PROVIDED DATA:
=== Section Start ===

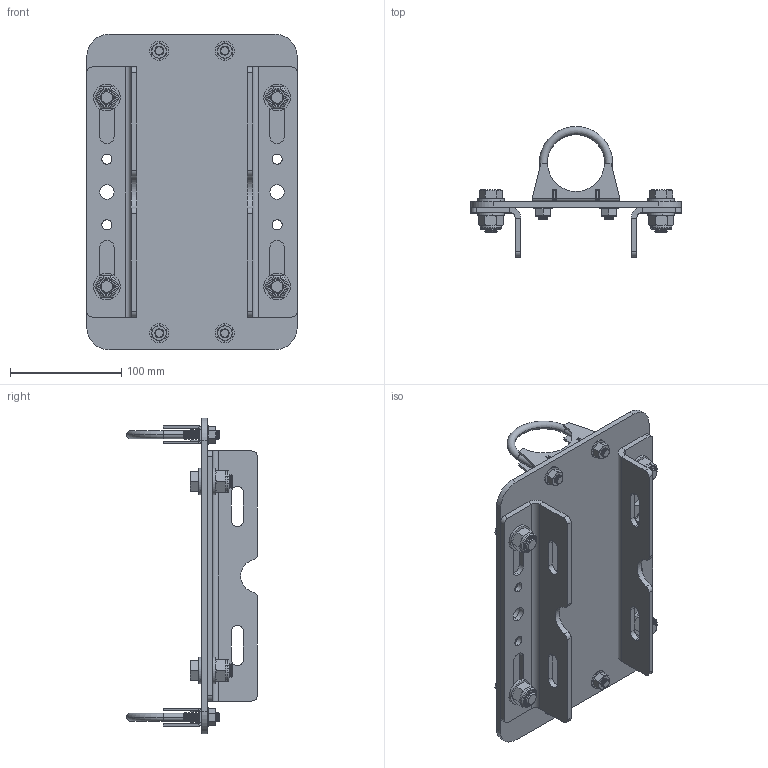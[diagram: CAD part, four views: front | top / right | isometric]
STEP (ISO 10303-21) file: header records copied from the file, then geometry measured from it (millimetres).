
FILE_DESCRIPTION (( 'STEP AP203' ), '1' );
FILE_NAME ('T42981.STEP', '2018-07-26T15:52:52', ( '' ), ( '' ), 'SwSTEP 2.0', 'SolidWorks 2016', '' );
FILE_SCHEMA (( 'CONFIG_CONTROL_DESIGN' ));
Length unit declared in the file: millimetre
Products named in the file (12): T42981; Hex Nut Style 1 GradeAB_Doughty Fastners_Hexagon Nut ISO - 4032 - M8 - D - S; T56900; T42990_Triple Pulley Width; Hex Bolt_ISO 4016 - M12 x 30 x 30-WS; TH799; B Washer_Bright washer BS 4320 - M8 (Form B); T56800; SW3dPS-nyloc nut, st stl a2 iso_M12 NYLOC; A Washer_Bright washer BS 4320 - M12 (Form A); TH1185; T56600
Assembly tree (28 placements, depth 3):
  T42981
    T56900  x2
      T56800
      T56600
      B Washer_Bright washer BS 4320 - M8 (Form B)
      Hex Nut Style 1 GradeAB_Doughty Fastners_Hexagon Nut ISO - 4032 - M8 - D - S
    A Washer_Bright washer BS 4320 - M12 (Form A)  x8
    Hex Bolt_ISO 4016 - M12 x 30 x 30-WS  x4
    SW3dPS-nyloc nut, st stl a2 iso_M12 NYLOC  x4
    T42990_Triple Pulley Width
      TH799  x2
    TH1185
Bounding box: 189.2 x 117.5 x 284 mm (x, y, z)
Volume: 488950 mm3; surface area: 240077.4 mm2
Topology: 31 solids, 31 shells, 1918 faces, 4732 edges, 2884 vertices
Faces by surface type: cone 928, cylinder 670, plane 268, torus 52
Entity records: 24450 total; most frequent: DIRECTION 4300, CARTESIAN_POINT 4289, ORIENTED_EDGE 3708, EDGE_CURVE 1854, AXIS2_PLACEMENT_3D 1775, VERTEX_POINT 1140, CIRCLE 1008, EDGE_LOOP 790

=== Section End ===

WHAT THE TASK ASKS: Starting at the top of the listing above, please restate word for word each line up to and including the one that holds "Length unit declared in the file: millimetre", omitting every image.

ANSWER TO THIS EXERCISE:
[diagram: CAD part, four views: front | top / right | isometric]
STEP (ISO 10303-21) file: header records copied from the file, then geometry measured from it (millimetres).
FILE_DESCRIPTION (( 'STEP AP203' ), '1' );
FILE_NAME ('T42981.STEP', '2018-07-26T15:52:52', ( '' ), ( '' ), 'SwSTEP 2.0', 'SolidWorks 2016', '' );
FILE_SCHEMA (( 'CONFIG_CONTROL_DESIGN' ));
Length unit declared in the file: millimetre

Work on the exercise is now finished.